Commande phare de la saison Liberté !, l’œuvre Merci de Gonzalo Borondo se déploie avec une incroyable force immersive, questionnant notre rapport complexe et contradictoire à la nature, à travers un déplacement du végétal au sein de l’espace symbolique du temple des Chartrons. Construit en 1832 et fermé depuis 35 ans, le Temple des Chartrons sert en effet d’écrin à l’un des projets les plus singuliers de la saison, vaste cosmologie invitant le public à pénétrer dans l’univers poétique et sensible de Gonzalo Borondo.

Familier des œuvres monumentales, le jeune artiste espagnol, issu de l’art urbain, confronte les résonances psychologiques du temple à l’introduction, la sanctuarisation et aussi le sacrifice des plantes, dont la lente transformation est partie intégrante du spectacle. À travers une série de juxtapositions de peintures, de gravures, d’images vidéo, de sculptures, de jeux de perspective et de changements d’échelles spatiales et temporelles, un parcours à la fois sensoriel et métaphysique propose une lecture multiple.

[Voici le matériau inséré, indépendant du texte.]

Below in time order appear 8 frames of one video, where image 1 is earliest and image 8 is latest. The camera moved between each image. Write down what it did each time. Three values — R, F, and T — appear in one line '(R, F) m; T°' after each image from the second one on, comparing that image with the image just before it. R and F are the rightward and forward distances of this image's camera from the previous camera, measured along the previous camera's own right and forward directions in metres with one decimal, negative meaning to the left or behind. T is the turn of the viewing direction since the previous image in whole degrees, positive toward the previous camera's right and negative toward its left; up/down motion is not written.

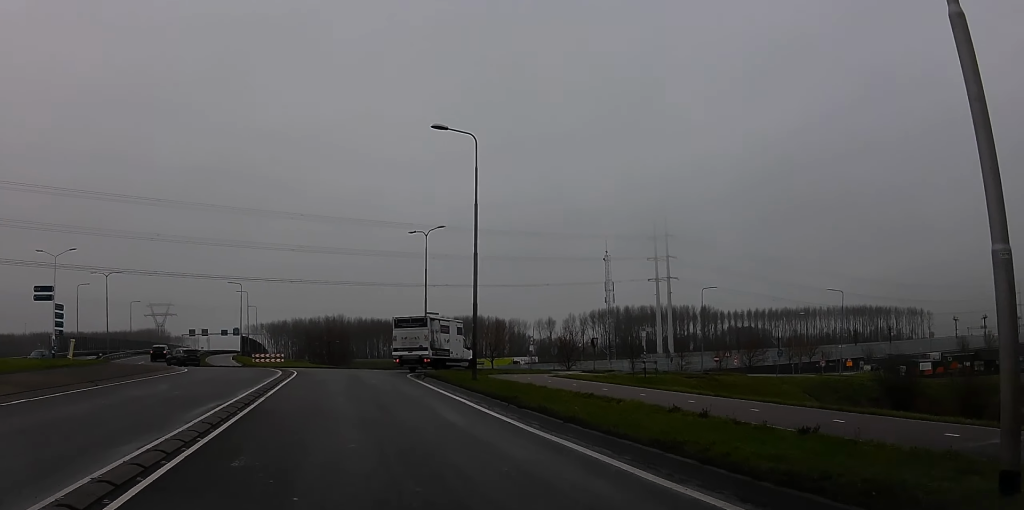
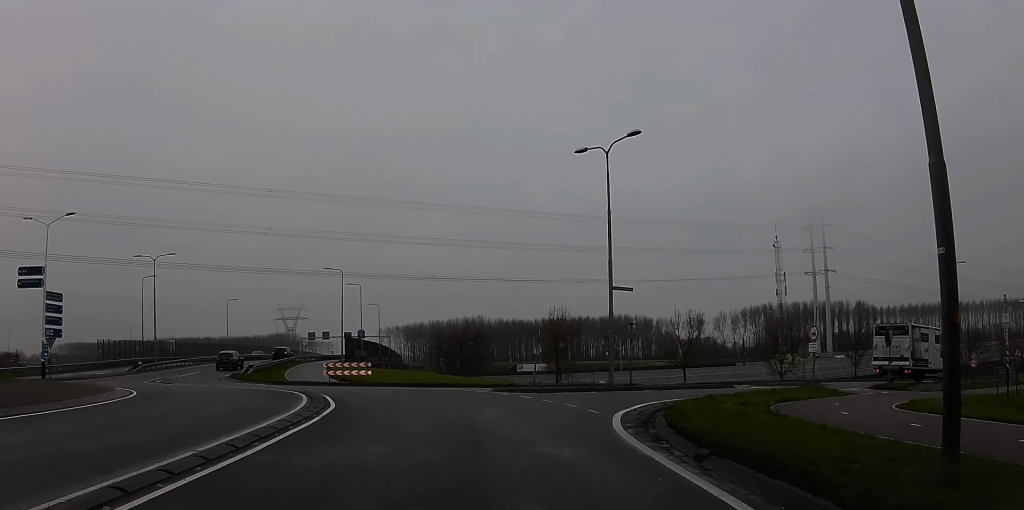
(-3.1, +21.2) m; -21°
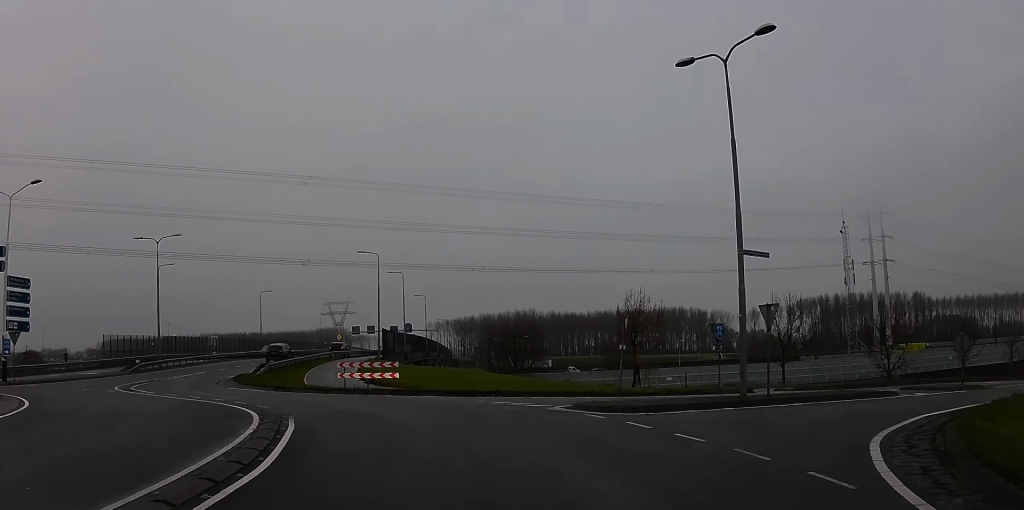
(-0.8, +9.3) m; -4°
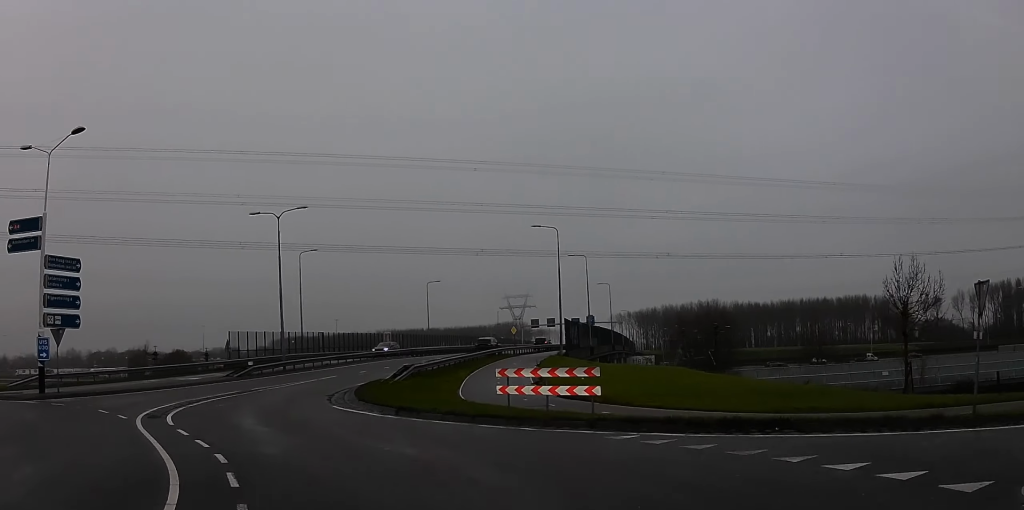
(+0.1, +11.5) m; -4°
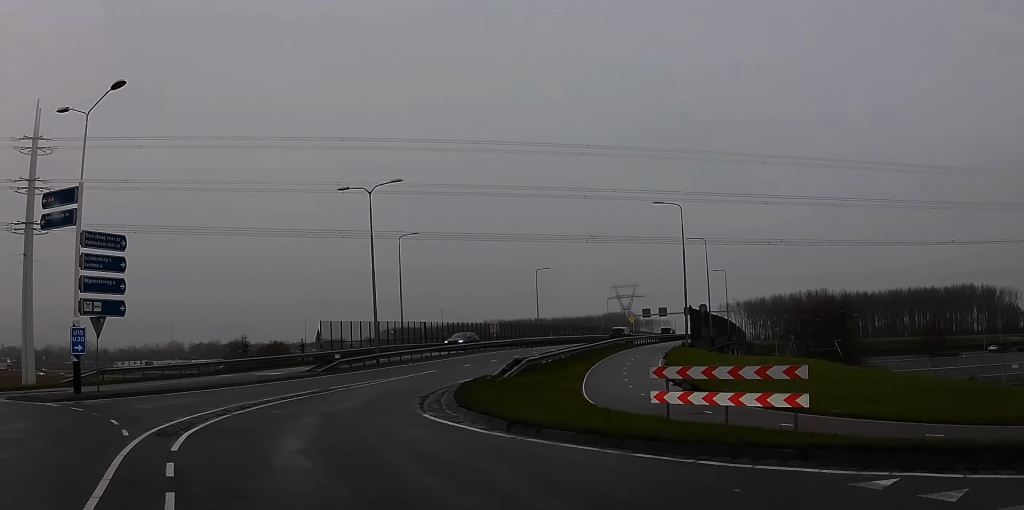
(+0.1, +5.6) m; -4°
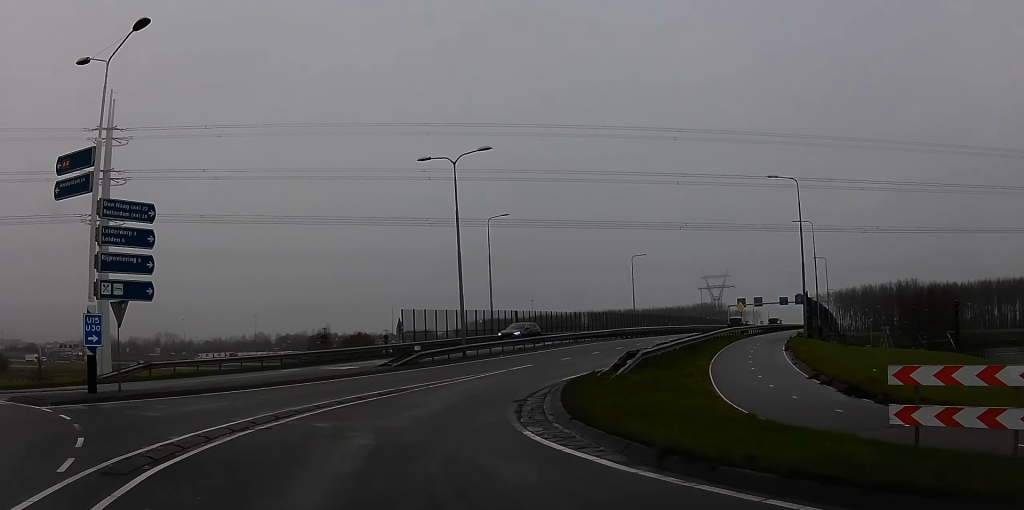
(-0.6, +4.7) m; -4°
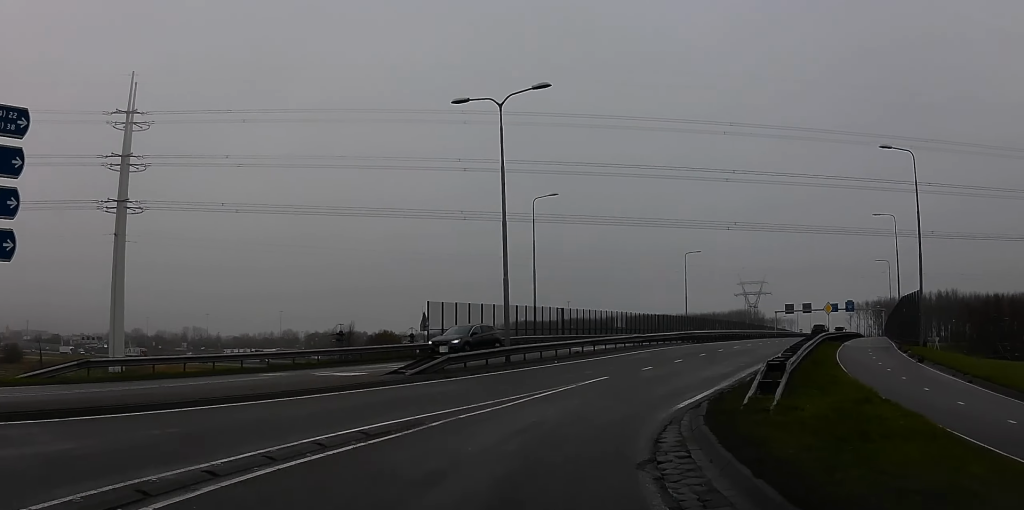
(-0.5, +9.1) m; -3°
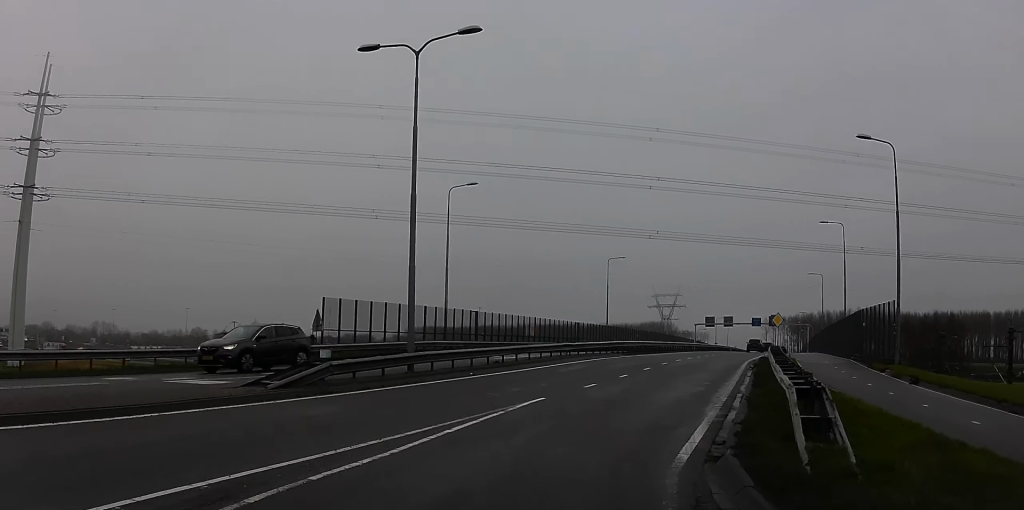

En écho à cette œuvre majeure, la ville et son patrimoine servent également de terrain de jeu esthétique à de multiples clins d’œil de l’artiste.

Entre-deux-Vagues Alexandre Chamelat

La Ville de Bordeaux et le Centre des monuments nationaux dévoilent, au sein de la cour Mably, puis à l’abbaye de La Sauve-Majeure, une série photographique (spécialement commandée pour la saison culturelle) d’Alexandre Chamelat, lauréat du concours photographique créé pour Paysages Bordeaux 2017 avec l’agence Magnum.

Auteur d’une des images phares de la programmation, mettant en lumière un surfeur face à l’océan, le photographe porte son regard entre Bordeaux et l’océan, révélant, entre terres et espaces aquatiques, de l’estuaire à l’Entre-deux-Mers et le long des rivages océaniques, une mosaïque du territoire.

En étroite relation avec l’humain et la nature, ses œuvres sont le fruit d’un voyage, d’une rencontre et d’une attention particulière à la forme ; cadre, couleurs, textures, dégradés et contrastes sont mis au service d’un au-delà porteur de liberté.

Horizon Raphaëlle Boitel

En réunissant artistes professionnels et amateurs avec complicité de la Condition Publique, des associations Parkour59 de Roubaix et ADDAB de Bruges – toutes deux dédiées aux pratiques de free-running et d’interventions acrobatiques dans l’espace urbain –, Raphaëlle Boitel met en scène, à l’occasion de sa première création dans l’espace public, un nouvel usage poétique et décalé des façades et des toits du Grand-Théâtre.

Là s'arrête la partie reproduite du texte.